The original tree line – now frozen in its last
Season – still stood a vague cohort of bone-white stumps.
The perfect act of persistent saplings and weeds
Overran this too-yielding stand with grueling shade.
Each twirling barb-tine, a tiny finger clutching
Lost habits, old wire hung posts from rusted gallows,
Garroting fleshy trunks of trees grown around it.
But we got back to our suspended talk of stone
Surely to speak for that silent ruckus of stone.
“Fieldstone,“ he repeated, “Take it up. Toss it out. “

Taken up, but from where?

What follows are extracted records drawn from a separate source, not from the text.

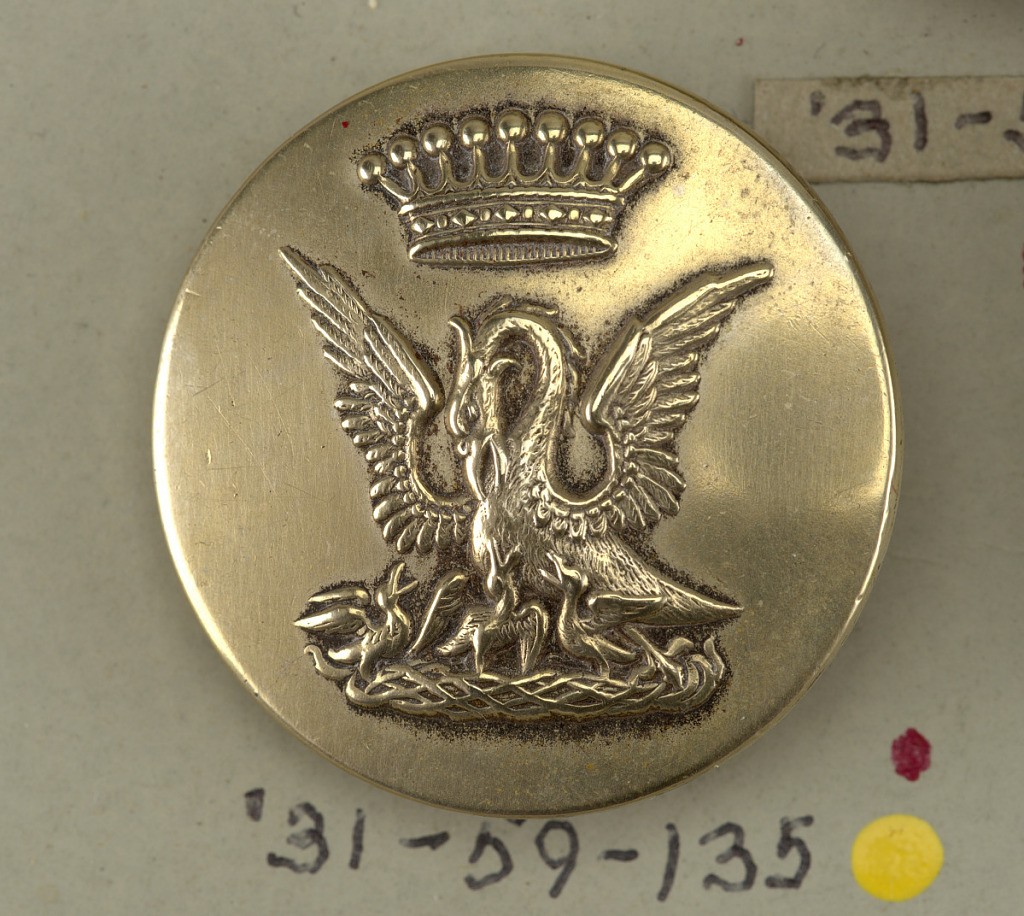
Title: Button
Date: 1801–50
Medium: Nickel
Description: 1931-59-135: Circular, slightly convex button with ornament of ...

The fields had held their own
Until drawn wagons came asking for it, slowly.
In solid wages of sweat and knuckles chewed raw,
Some time ago, before the shag-bark and pig-nut
Branched out into oak’s entitlements of sunlight,
Before unearthed darkness of soil itself would cling
To the saplings’ flanged limbs, the gnarly-garnished trunks
Of elder ash, maple, popple all punked to charred bone.
And after woods’ deepness where excess sunlight spilled
Into a drought, the fairer wood had gone to earth.

Taken up, but why? “You can’t do too much with it
Except pile it up to think of what to do with it.
So you pile it. But c’mon, help me chain this trunk,
Its taproot’s got a hold of something I can’t budge.”
Taken up, a hopeful gesture for the future.
Tossed out, but when? “Oh well, jeez, I dunno, must be,
What? . . . .say fifty, sixty years ago, at the least.
Was here when we came and it came sold with the rest
Of the place. Was sold out with this old tractor, too. “
Tossed out, then; lost; an unchained anchor to the past.

The sun jack-knifed one notch higher up the bark-peeled sky.
The tractor dragged sunlight to the stubborn taproot,
Holding earth’s hot core in its engine-surge, it would chug
Against the trunk for what it might have missed out on
In these old woods, all for the love of labors plied.
A molar in the mouth that sourced the world’s origin,
The trunk came painfully unhinged from mossy works.
The tap-root, implacable yet unraveled from earth,
And bringing its convincing grit to bear down:
A piece of fieldstone, the size of a table-top.

The farmer wanted brush cleared to better his view
Of the valley. So we moved on. But as I struck
This pocked hunk of fieldstone with a stick, I saw walls
Unmade: “No story here.“  – Sure, except how to build
From silent stone, syllabic slabs – altars unsoiled.

Comments

  1. Southern Expat says

    Your poems make me wonder if it’s possible to be a poet in the suburbs.

  2. Sure it is. I wrote the Purgatorio, didn’t I? When the weed pushes through the crack in the driveway, when the neighbor wants the low chain-link fence replaced with six-foot cedar planks, when the teenage boy next door smokes pot in his backyard and stares at your daughter while she mows the lawn, when your friend stops by for a glass of Chardonnay and it’s only noon and you’re not even done schooling the children and she obviously needs to talk about her failing marriage and her crushing depression…all these are calls to poetry.

  3. Also, vide: Robert Lowell, who probably wrote about all the instances which Dante provides.